Politiker denken nicht darüber nach, was die Zögerlichkeit bei gesundheitspolitischen Entscheidungen für Lebensplanungen bedeutet.
Weiterlesen: Es dauert alles viel zu lange1986 wollte ich nach der Matura ein Jahr freiwillig zum Bundesheer – wenn schon, denn schon. Aber, damals kam die Diskussion auf, dass die Wehrpflicht abgeschafft werden sollte, die wegen Perestroika und Glasnost nicht mehr nötig sei. Daraufhin entschied ich, zuerst zu studieren und abzuwarten. Ich habe also eine weitreichende Entscheidung getroffen, da die Politik mir missverständliche Signale gab. Denn, die Wehrpflicht wurde nicht abgeschafft, aber es wurde weiterdiskutiert. Eine endgültige Entscheidung gab es erst 2013 – und zwar irgendwie absurd, denn die Abschaffung ginge deswegen nicht, weil das Sozialsystem mittlerweile auf die quasi Zwangsarbeit von Zivildienern angewiesen sei. Ich denke, keinem Politiker war klar, dass Lebensplanungen an Ihrer Unentschlossenheit ausgerichtet werden mussten, aber nicht konnten!
Und in der Gesundheitspolitik?
Betrachten wir die Jubelmeldung, dass die E-Medikation 2022 eingeführt sein soll. Die Diskussion darüber hat Anfang des 21. Jahrhunderts begonnen. 2012 wurde per Gesetz die Einführung der E-Medikation bis zum 31.12.2014 beschlossen – und das Gesetz dann einfach ignoriert. Was für ein Signal? Unternehmen, die sich mit damit beschäftigten, trafen Entscheidungen, investierten und standen am Ende vor der Tatsache, dass nichts weiter geht. Und jetzt, wird es wirklich 2022 soweit sein?
Oder die Lehrpraxis für angehende Hausärzte? Die diskutieren wir seit den 1970ern (!). Seit damals ist klar, dass die spitalslastige Ausbildung nicht gut ist, will man Hausärzte ausbilden und motivieren, Hausärzte zu werden. Seit damals wird auch über die Aufwertung der Hausarztmedizin geredet, etwa in dem diese als Spezialausbildung (Facharzt) ausgebaut wird – 2018 (!) wurde die Finanzierung der Lehrpraxis gerade einmal für die nächsten zwei Jahre beschlossen, die Anerkennung als Fachärzte ist weiter weit weg, das Thema weiterhin offen. Was soll sich ein junger Arzt denken? Dass Hausarzt werden Zukunft hat?
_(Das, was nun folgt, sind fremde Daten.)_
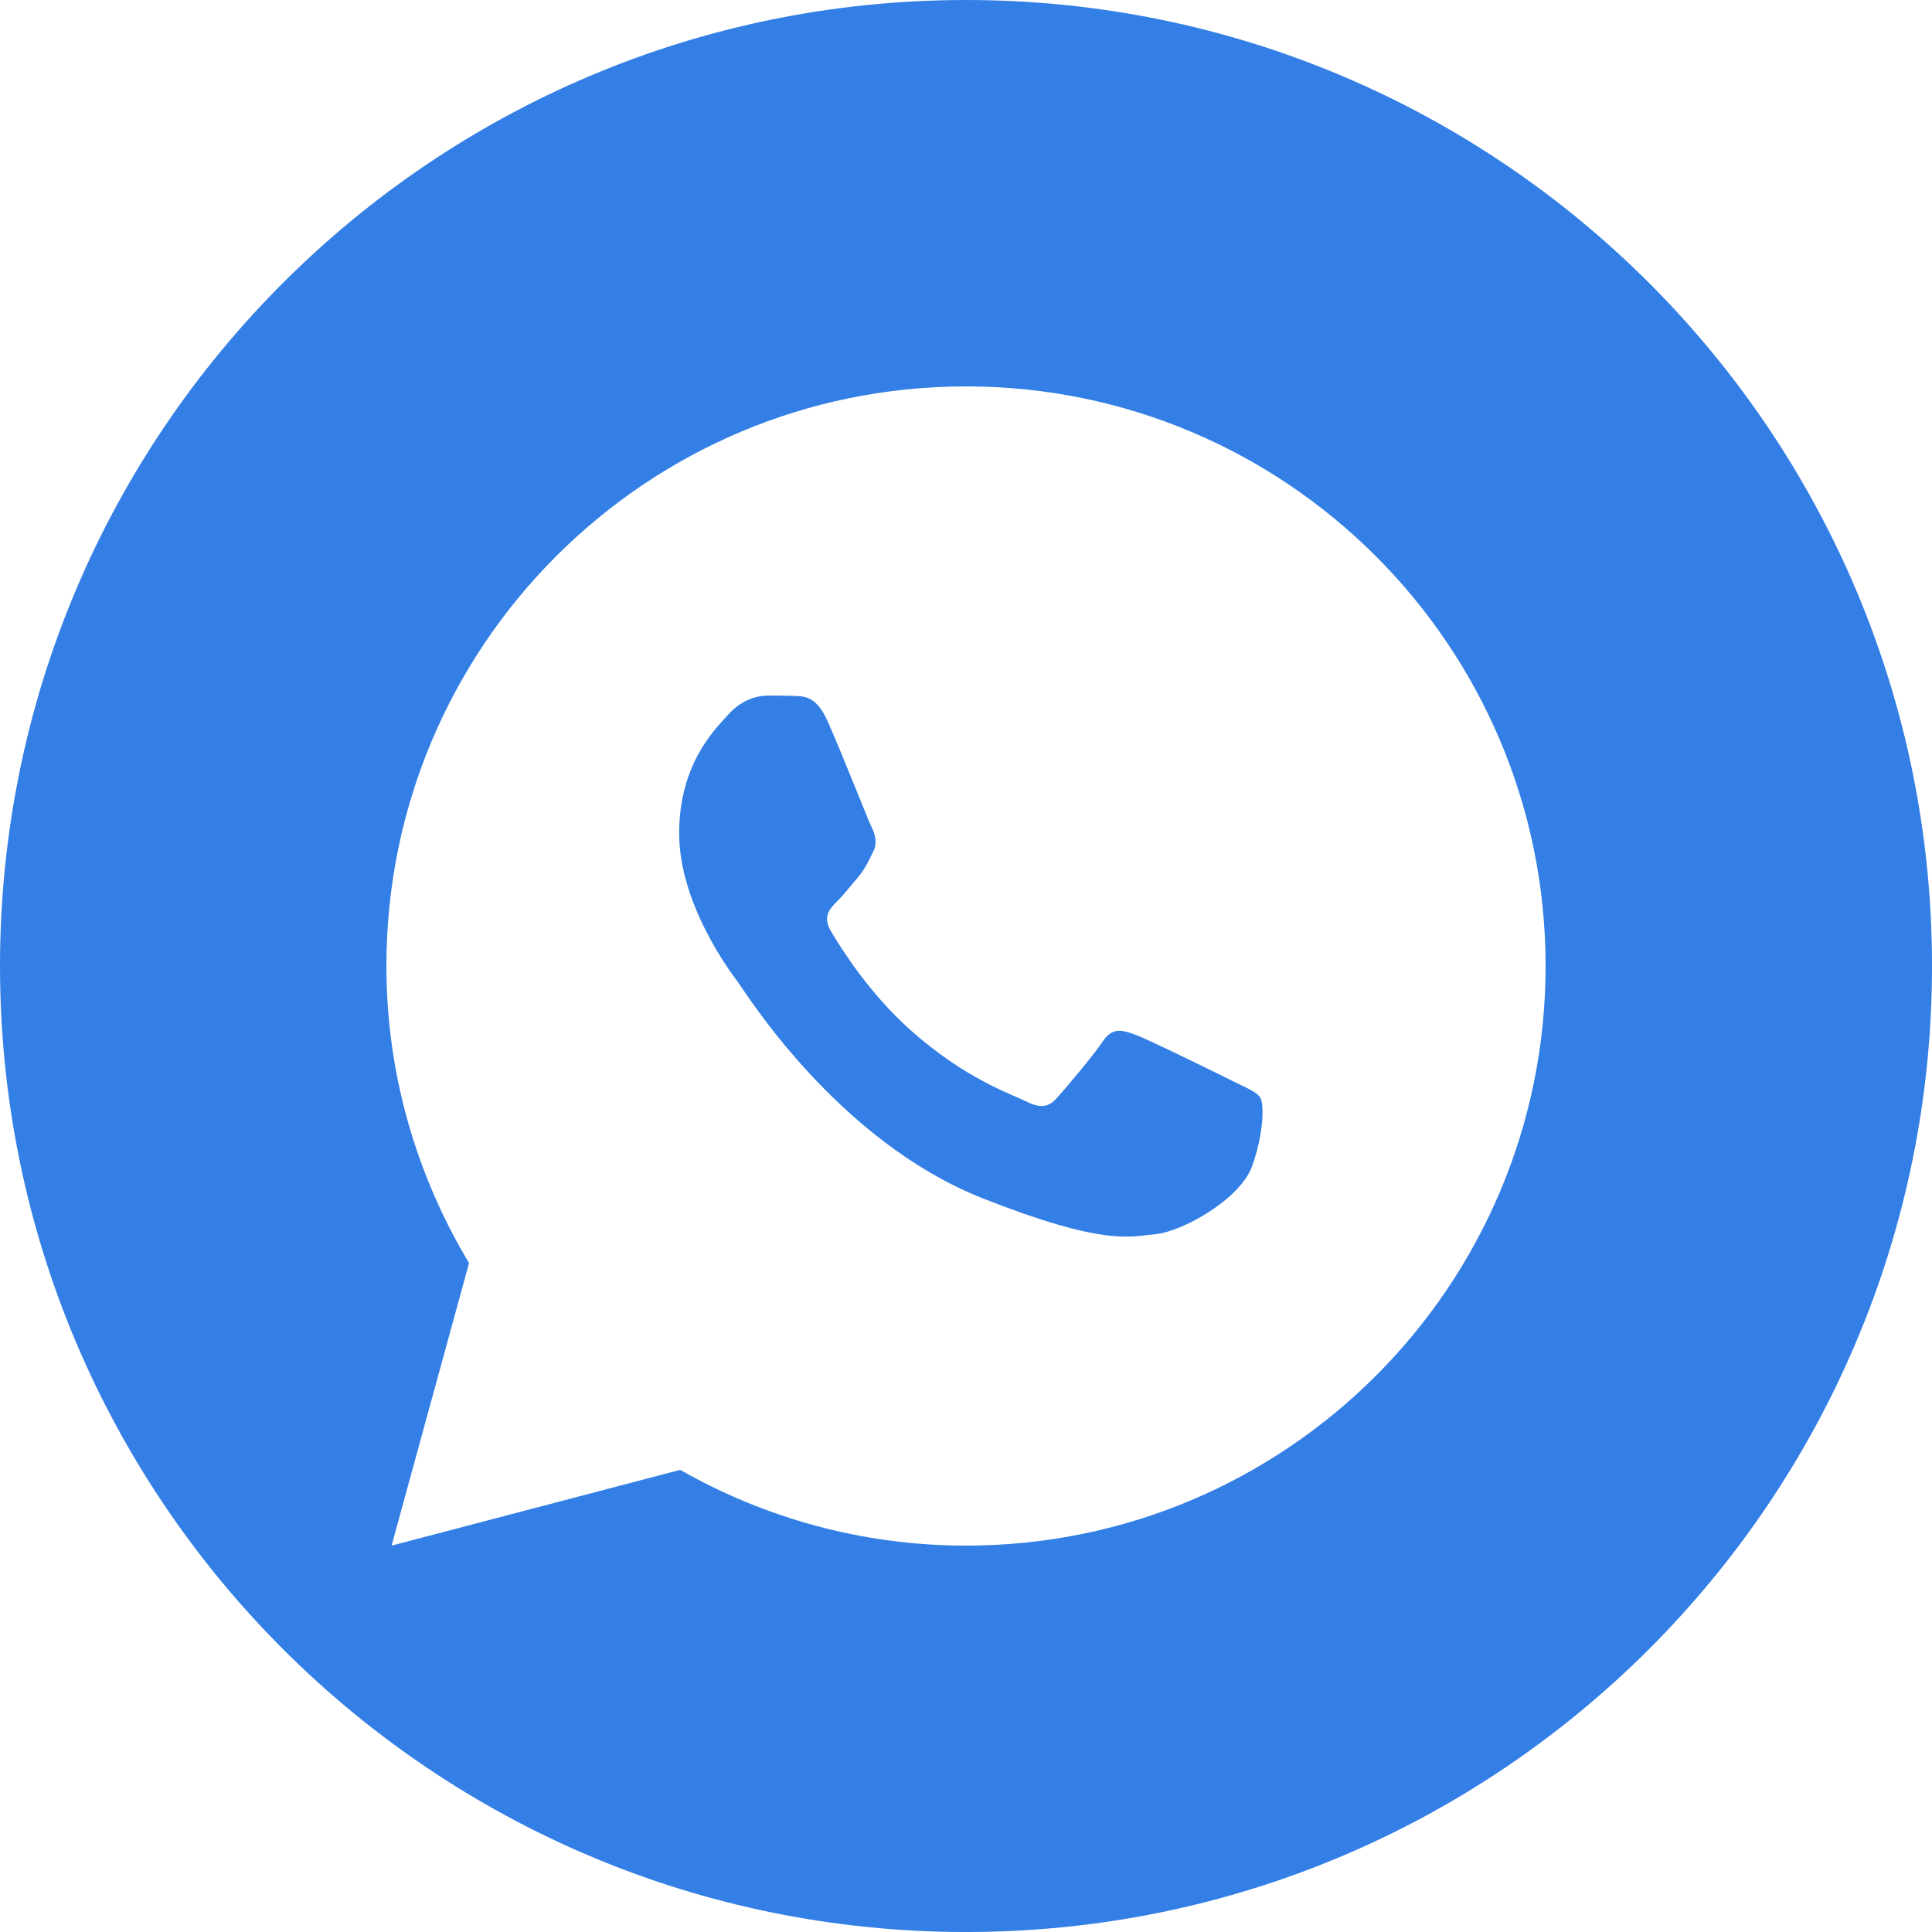 <?xml version="1.0" encoding="UTF-8"?> <!-- Creator: CorelDRAW --> <svg xmlns="http://www.w3.org/2000/svg" xmlns:xlink="http://www.w3.org/1999/xlink" xmlns:xodm="http://www.corel.com/coreldraw/odm/2003" xml:space="preserve" width="100mm" height="100mm" style="shape-rendering:geometricPrecision; text-rendering:geometricPrecision; image-rendering:optimizeQuality; fill-rule:evenodd; clip-rule:evenodd" viewBox="0 0 1157.59 1157.59"> <defs> <style type="text/css"> <![CDATA[ .fil0 {fill:#347FE5} ]]> </style> </defs> <g id="Layer_x0020_1">  <path class="fil0" d="M578.8 0c319.66,0 578.8,259.14 578.8,578.8 0,319.66 -259.14,578.8 -578.8,578.8 -319.66,0 -578.8,-259.14 -578.8,-578.8 0,-319.66 259.14,-578.8 578.8,-578.8zm0 231.52c-191.78,0 -347.28,155.5 -347.28,347.28 0,65.15 18.3,125.89 49.51,177.99l-46.4 169.29 172.9 -45.39c50.56,28.75 108.94,45.39 171.26,45.39 191.78,0 347.28,-155.5 347.28,-347.28 0,-191.78 -155.5,-347.28 -347.28,-347.28zm-118.87 185.28c5.64,0 11.45,-0.04 16.45,0.22 6.2,0.15 12.93,0.6 19.39,14.86 7.66,16.96 24.36,59.51 26.51,63.81 2.14,4.31 3.66,9.39 0.68,15.04 -2.84,5.79 -4.31,9.29 -8.48,14.41 -4.31,4.98 -9.04,11.16 -12.94,14.92 -4.31,4.31 -8.77,9.04 -3.79,17.63 4.98,8.6 22.26,36.77 47.82,59.52 32.85,29.35 60.57,38.36 69.18,42.68 8.63,4.31 13.62,3.64 18.6,-2.15 5.12,-5.64 21.51,-25 27.3,-33.63 5.65,-8.62 11.41,-7.13 19.22,-4.3 7.92,2.84 50.22,23.67 58.84,27.98 8.63,4.31 14.28,6.44 16.45,9.95 2.22,3.62 2.23,20.84 -4.92,40.93 -7.15,20.05 -42.24,39.44 -57.99,40.81 -15.89,1.47 -30.71,7.14 -103.27,-21.42 -87.51,-34.46 -142.7,-124.1 -147.01,-129.89 -4.31,-5.64 -35.04,-46.6 -35.04,-88.86 0,-42.4 22.23,-63.16 30.01,-71.79 7.93,-8.62 17.22,-10.73 23,-10.73z"></path> </g> </svg>

Ein anderes Beispiel ist die Kinder-Reha. Die massive Unterversorgung wurde 1999 festgestellt, dann endlos diskutiert, und erst 2019 werden Rehazentren in Betrieb gehen – wie viele Ärzte haben sich wohl in den vergangenen 20 Jahren spezialisiert und dann was anderes machen müssen, weil es keine Berufsaussichten gab? Von den Kindern, die wir behindert ins Erwachsenenleben entlassen haben ganz abgesehen.
Oder Palliativversorgung? Um 2000 begann das Thema aufzutauchen und bald waren alle ob der Zuständigkeiten zerstritten – um diesen (unwürdigen) Streit zu lösen, wurde eine gemeinsame Strategie zur abgestuften Palliativversorgung beschlossen – das war 2005. Und heute?
Die Regelversorgung für Kinder existiert weiterhin nicht, sondern hängt von Privatinitiativen und Spenden ab, 14 Jahre nach einer „vorgespielten“ Einigung. Wie viele Initiativen wurden da wohl eingestellt, weil eine politische Einigung nie in der Wirklichkeit ankommen muss.
Ich denke, politische Eliten denken gar nicht mehr darüber nach, was ihre Ineffektivität bedeutet, wie viel Lebensplanungen sie verunmöglicht und wie viel Frust daraus erwächst.